If a record holds a picture, leave the picture out and repeat everything else exactly.
=== Begin Enclosure ===
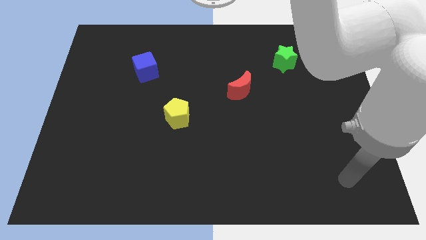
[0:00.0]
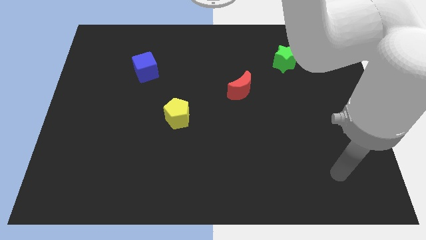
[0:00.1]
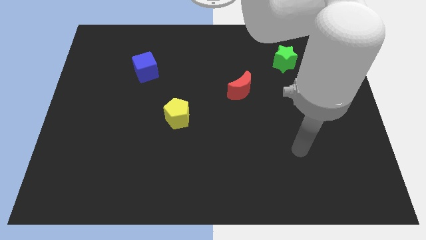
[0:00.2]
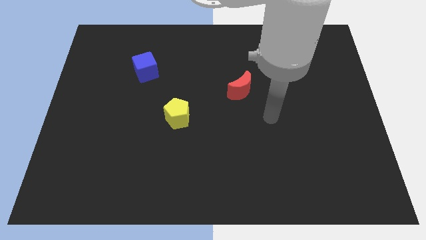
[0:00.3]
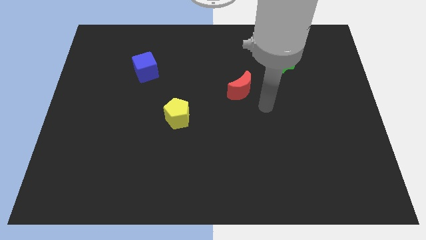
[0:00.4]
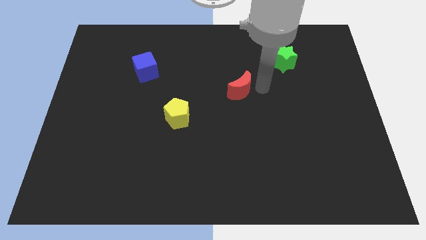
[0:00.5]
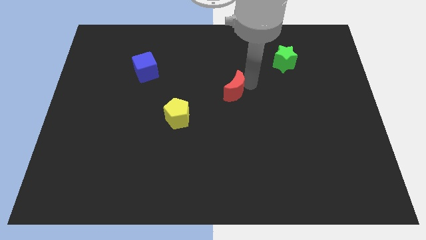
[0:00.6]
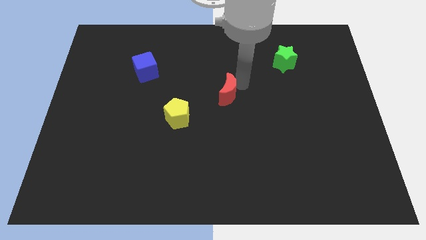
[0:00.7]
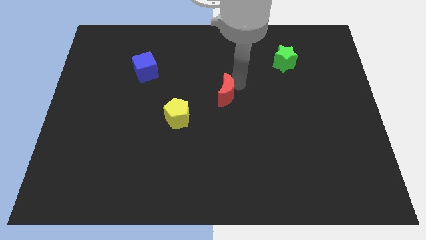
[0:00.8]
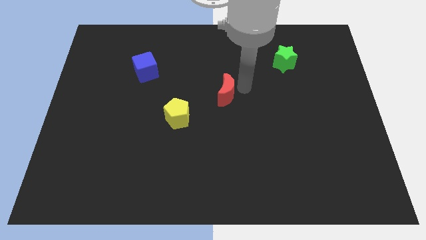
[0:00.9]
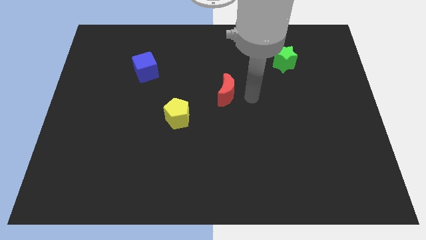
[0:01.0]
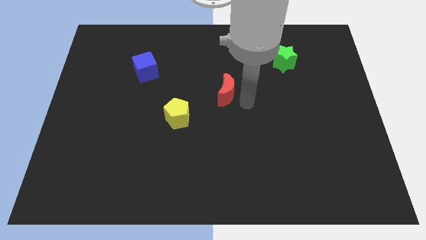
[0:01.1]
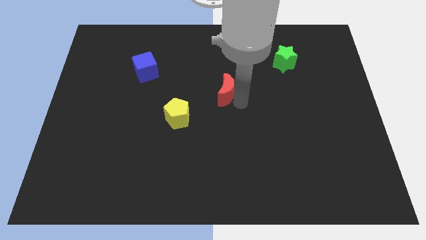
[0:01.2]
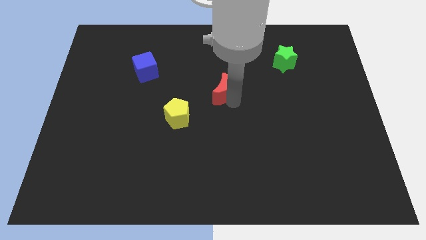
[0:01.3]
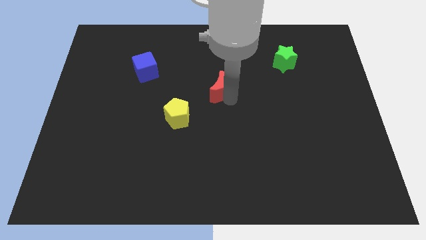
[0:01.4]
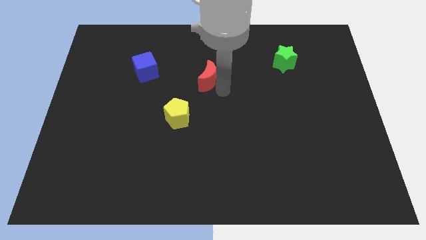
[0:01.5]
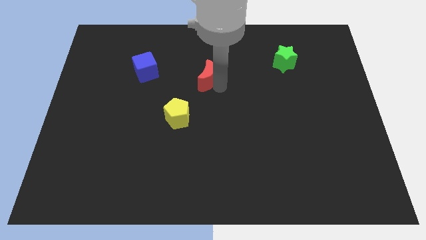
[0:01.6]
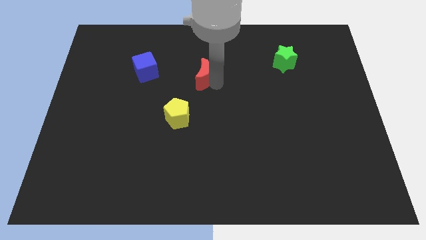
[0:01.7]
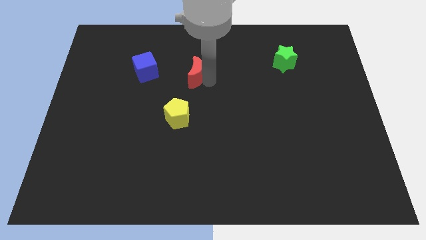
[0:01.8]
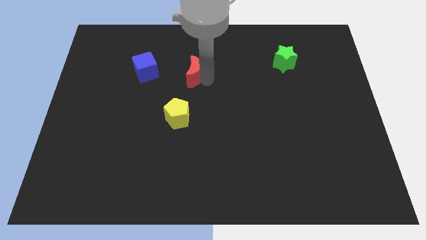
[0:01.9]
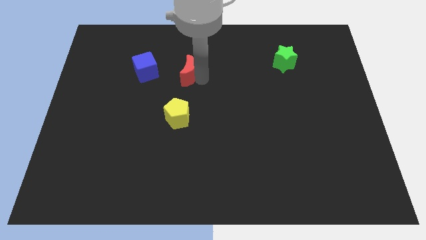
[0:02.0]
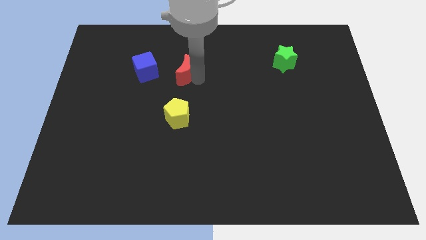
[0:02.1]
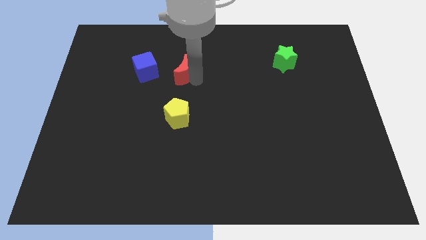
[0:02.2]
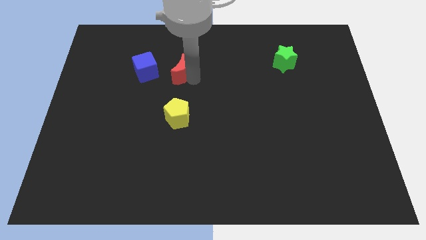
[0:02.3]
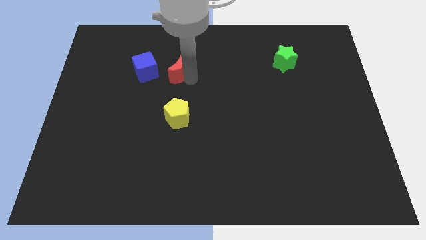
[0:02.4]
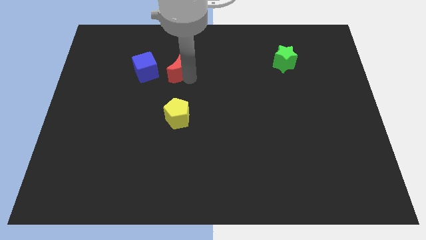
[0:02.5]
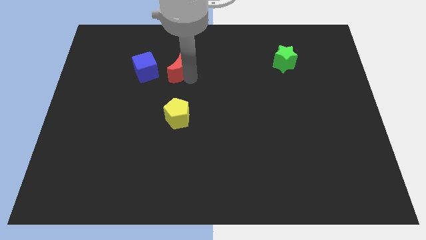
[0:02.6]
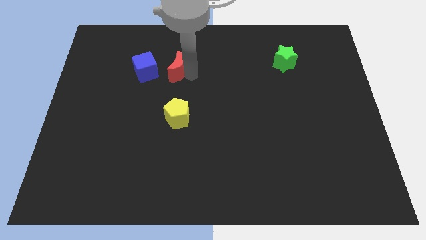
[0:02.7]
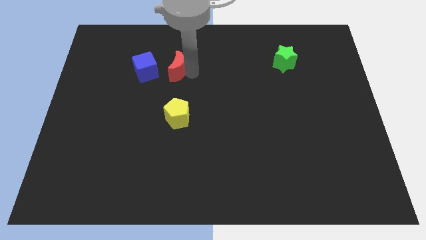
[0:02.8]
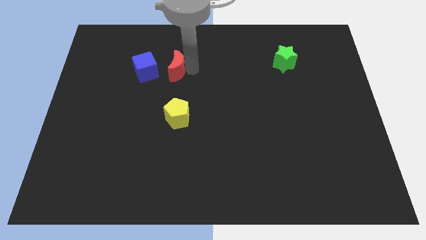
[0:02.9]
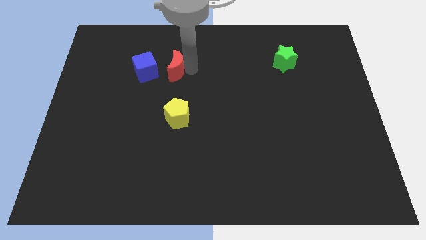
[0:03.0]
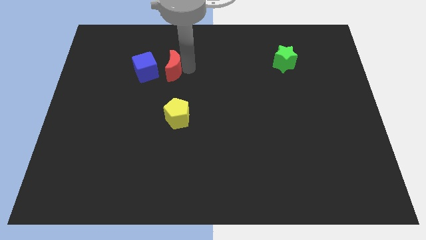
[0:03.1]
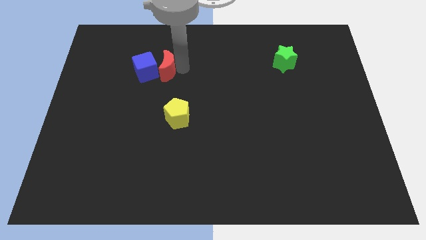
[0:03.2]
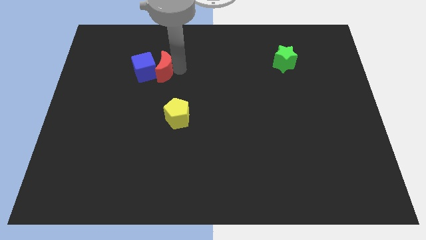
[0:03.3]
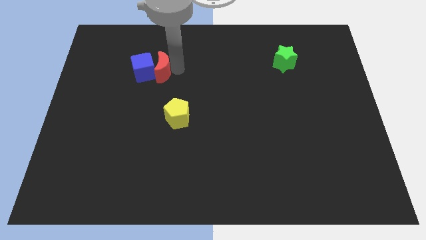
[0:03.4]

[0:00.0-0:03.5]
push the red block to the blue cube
=== End Enclosure ===
* [RESPONSE FOR THIS EXERCISE]:
[0:00.0]
[0:00.1]
[0:00.2]
[0:00.3]
[0:00.4]
[0:00.5]
[0:00.6]
[0:00.7]
[0:00.8]
[0:00.9]
[0:01.0]
[0:01.1]
[0:01.2]
[0:01.3]
[0:01.4]
[0:01.5]
[0:01.6]
[0:01.7]
[0:01.8]
[0:01.9]
[0:02.0]
[0:02.1]
[0:02.2]
[0:02.3]
[0:02.4]
[0:02.5]
[0:02.6]
[0:02.7]
[0:02.8]
[0:02.9]
[0:03.0]
[0:03.1]
[0:03.2]
[0:03.3]
[0:03.4]

[0:00.0-0:03.5]
push the red block to the blue cube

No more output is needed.